▸ **WHAT THE TASK ASKS**
In the data below, find every line with the word "surface" and copy it.

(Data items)

┌──

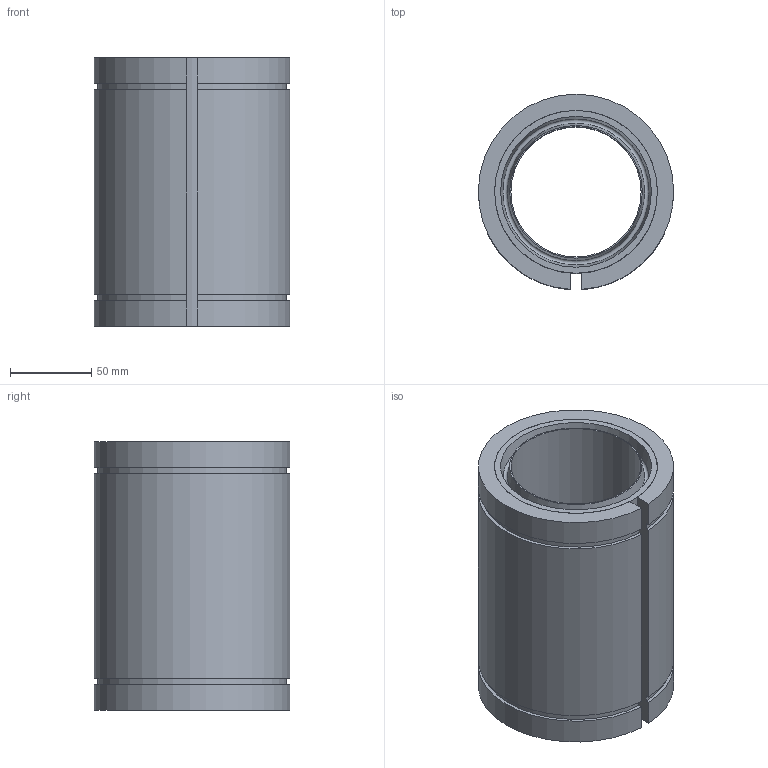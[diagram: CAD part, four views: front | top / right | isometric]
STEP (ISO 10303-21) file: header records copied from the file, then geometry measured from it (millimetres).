
FILE_DESCRIPTION (( 'STEP AP214' ), '1' );
FILE_NAME ('LAG-80-2RS-120-165-ltk.step', '2020-09-10T11:30:01', ( '' ), ( '' ), 'SwSTEP 2.0', 'SolidWorks 2010', '' );
FILE_SCHEMA (( 'AUTOMOTIVE_DESIGN' ));
Length unit declared in the file: millimetre
Products named in the file (1): LAG-80-2RS-120-165-ltk
Bounding box: 119.96 x 119.92 x 165 mm (x, y, z)
Volume: 1000802 mm3; surface area: 231698.9 mm2
Topology: 2 solids, 2 shells, 26 faces, 56 edges, 36 vertices
Faces by surface type: plane 12, cylinder 8, cone 4, torus 2
Full cylindrical faces by diameter (mm): 80 x1, 100 x1
Entity records: 851 total; most frequent: DIRECTION 126, CARTESIAN_POINT 111, ORIENTED_EDGE 96, AXIS2_PLACEMENT_3D 51, EDGE_CURVE 48, EDGE_LOOP 38, VERTEX_POINT 36, FACE_OUTER_BOUND 30
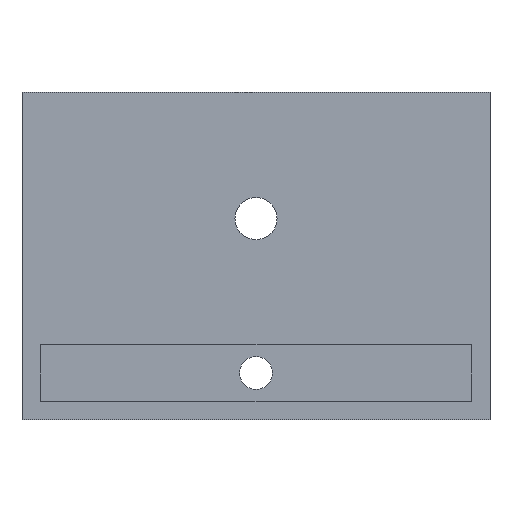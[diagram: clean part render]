
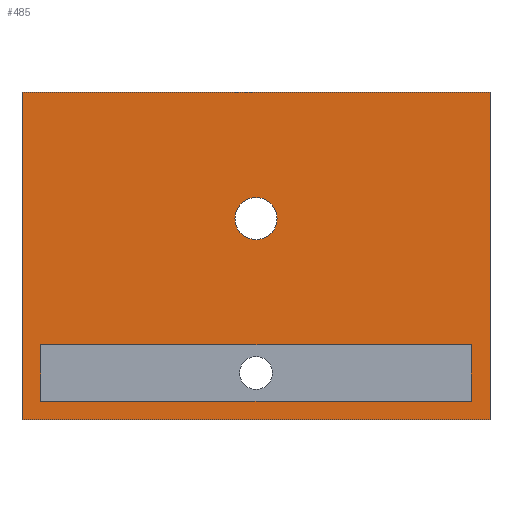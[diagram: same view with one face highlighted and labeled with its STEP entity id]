
A CAD part, front view. The second image highlights one B-rep face of the part: STEP entity #485.
In plain terms, the highlighted planar face has unit normal (0, -1, 0).
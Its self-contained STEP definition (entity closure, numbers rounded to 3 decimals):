
#28 = ORIENTED_EDGE ( 'NONE', *, *, #1431, .F. ) ;
#77 = CARTESIAN_POINT ( 'NONE',  ( 20., 0., -270. ) ) ;
#93 = EDGE_CURVE ( 'NONE', #287, #608, #910, .T. ) ;
#105 = CARTESIAN_POINT ( 'NONE',  ( 500., 0., -350. ) ) ;
#142 = LINE ( 'NONE', #1402, #830 ) ;
#175 = VERTEX_POINT ( 'NONE', #1523 ) ;
#188 = CARTESIAN_POINT ( 'NONE',  ( 0., 0., -350. ) ) ;
#195 = VERTEX_POINT ( 'NONE', #1234 ) ;
#210 = CARTESIAN_POINT ( 'NONE',  ( 480., 0., -270. ) ) ;
#225 = CARTESIAN_POINT ( 'NONE',  ( 250., 0., -157.5 ) ) ;
#227 = CIRCLE ( 'NONE', #1159, 22.5 ) ;
#229 = EDGE_CURVE ( 'NONE', #795, #420, #1349, .T. ) ;
#254 = VECTOR ( 'NONE', #1392, 1000. ) ;
#287 = VERTEX_POINT ( 'NONE', #793 ) ;
#313 = ORIENTED_EDGE ( 'NONE', *, *, #720, .F. ) ;
#333 = LINE ( 'NONE', #1483, #369 ) ;
#335 = EDGE_LOOP ( 'NONE', ( #1309, #28, #714, #313 ) ) ;
#369 = VECTOR ( 'NONE', #924, 1000. ) ;
#387 = ORIENTED_EDGE ( 'NONE', *, *, #229, .F. ) ;
#420 = VERTEX_POINT ( 'NONE', #1255 ) ;
#453 = VERTEX_POINT ( 'NONE', #77 ) ;
#476 = EDGE_LOOP ( 'NONE', ( #1063, #1087 ) ) ;
#477 = CARTESIAN_POINT ( 'NONE',  ( 0., 0., -350. ) ) ;
#483 = VERTEX_POINT ( 'NONE', #210 ) ;
#484 = ORIENTED_EDGE ( 'NONE', *, *, #759, .F. ) ;
#485 = ADVANCED_FACE ( 'NONE', ( #1352, #1122, #1078 ), #530, .T. ) ;
#487 = DIRECTION ( 'NONE',  ( 0., 0., -1. ) ) ;
#490 = DIRECTION ( 'NONE',  ( 1., 0., 0. ) ) ;
#523 = DIRECTION ( 'NONE',  ( 0., 0., -1. ) ) ;
#530 = PLANE ( 'NONE',  #1279 ) ;
#536 = LINE ( 'NONE', #1389, #1380 ) ;
#544 = CARTESIAN_POINT ( 'NONE',  ( 250., 0., -135. ) ) ;
#603 = CARTESIAN_POINT ( 'NONE',  ( 20., 0., -330. ) ) ;
#608 = VERTEX_POINT ( 'NONE', #225 ) ;
#622 = VERTEX_POINT ( 'NONE', #105 ) ;
#642 = LINE ( 'NONE', #1500, #254 ) ;
#704 = EDGE_CURVE ( 'NONE', #483, #453, #1571, .T. ) ;
#714 = ORIENTED_EDGE ( 'NONE', *, *, #1329, .F. ) ;
#720 = EDGE_CURVE ( 'NONE', #175, #195, #536, .T. ) ;
#759 = EDGE_CURVE ( 'NONE', #453, #795, #142, .T. ) ;
#793 = CARTESIAN_POINT ( 'NONE',  ( 250., 0., -112.5 ) ) ;
#795 = VERTEX_POINT ( 'NONE', #1107 ) ;
#830 = VECTOR ( 'NONE', #968, 1000. ) ;
#856 = VERTEX_POINT ( 'NONE', #188 ) ;
#860 = VECTOR ( 'NONE', #1265, 1000. ) ;
#863 = ORIENTED_EDGE ( 'NONE', *, *, #1048, .F. ) ;
#908 = LINE ( 'NONE', #970, #860 ) ;
#910 = CIRCLE ( 'NONE', #1144, 22.5 ) ;
#919 = LINE ( 'NONE', #1120, #1315 ) ;
#923 = EDGE_CURVE ( 'NONE', #608, #287, #227, .T. ) ;
#924 = DIRECTION ( 'NONE',  ( -1., 0., 0. ) ) ;
#960 = DIRECTION ( 'NONE',  ( 0., 1., 0. ) ) ;
#968 = DIRECTION ( 'NONE',  ( 0., 0., -1. ) ) ;
#970 = CARTESIAN_POINT ( 'NONE',  ( 480., 0., -330. ) ) ;
#971 = DIRECTION ( 'NONE',  ( 0., 0., 1. ) ) ;
#989 = EDGE_LOOP ( 'NONE', ( #484, #1170, #863, #387 ) ) ;
#1048 = EDGE_CURVE ( 'NONE', #420, #483, #908, .T. ) ;
#1063 = ORIENTED_EDGE ( 'NONE', *, *, #93, .T. ) ;
#1078 = FACE_OUTER_BOUND ( 'NONE', #335, .T. ) ;
#1083 = CARTESIAN_POINT ( 'NONE',  ( 250., 0., -135. ) ) ;
#1087 = ORIENTED_EDGE ( 'NONE', *, *, #923, .T. ) ;
#1107 = CARTESIAN_POINT ( 'NONE',  ( 20., 0., -330. ) ) ;
#1120 = CARTESIAN_POINT ( 'NONE',  ( 0., 0., 0. ) ) ;
#1122 = FACE_BOUND ( 'NONE', #989, .T. ) ;
#1144 = AXIS2_PLACEMENT_3D ( 'NONE', #1083, #1547, #487 ) ;
#1159 = AXIS2_PLACEMENT_3D ( 'NONE', #544, #960, #1188 ) ;
#1170 = ORIENTED_EDGE ( 'NONE', *, *, #704, .F. ) ;
#1188 = DIRECTION ( 'NONE',  ( 0., 0., -1. ) ) ;
#1234 = CARTESIAN_POINT ( 'NONE',  ( 500., 0., 0. ) ) ;
#1255 = CARTESIAN_POINT ( 'NONE',  ( 480., 0., -330. ) ) ;
#1265 = DIRECTION ( 'NONE',  ( 0., 0., 1. ) ) ;
#1276 = VECTOR ( 'NONE', #490, 1000. ) ;
#1279 = AXIS2_PLACEMENT_3D ( 'NONE', #477, #1303, #523 ) ;
#1303 = DIRECTION ( 'NONE',  ( 0., -1., 0. ) ) ;
#1309 = ORIENTED_EDGE ( 'NONE', *, *, #1449, .F. ) ;
#1315 = VECTOR ( 'NONE', #971, 1000. ) ;
#1329 = EDGE_CURVE ( 'NONE', #195, #622, #642, .T. ) ;
#1349 = LINE ( 'NONE', #603, #1276 ) ;
#1352 = FACE_BOUND ( 'NONE', #476, .T. ) ;
#1362 = DIRECTION ( 'NONE',  ( 1., 0., 0. ) ) ;
#1375 = DIRECTION ( 'NONE',  ( -1., 0., 0. ) ) ;
#1380 = VECTOR ( 'NONE', #1362, 1000. ) ;
#1389 = CARTESIAN_POINT ( 'NONE',  ( 0., 0., 0. ) ) ;
#1392 = DIRECTION ( 'NONE',  ( 0., 0., -1. ) ) ;
#1395 = CARTESIAN_POINT ( 'NONE',  ( 20., 0., -270. ) ) ;
#1402 = CARTESIAN_POINT ( 'NONE',  ( 20., 0., -330. ) ) ;
#1431 = EDGE_CURVE ( 'NONE', #622, #856, #333, .T. ) ;
#1449 = EDGE_CURVE ( 'NONE', #856, #175, #919, .T. ) ;
#1455 = VECTOR ( 'NONE', #1375, 1000. ) ;
#1483 = CARTESIAN_POINT ( 'NONE',  ( 0., 0., -350. ) ) ;
#1500 = CARTESIAN_POINT ( 'NONE',  ( 500., 0., 0. ) ) ;
#1523 = CARTESIAN_POINT ( 'NONE',  ( 0., 0., 0. ) ) ;
#1547 = DIRECTION ( 'NONE',  ( 0., 1., 0. ) ) ;
#1571 = LINE ( 'NONE', #1395, #1455 ) ;

└──

▸ **RESPONSE FOR THIS EXERCISE**
Volume: 1000802 mm3; surface area: 231698.9 mm2
Faces by surface type: plane 12, cylinder 8, cone 4, torus 2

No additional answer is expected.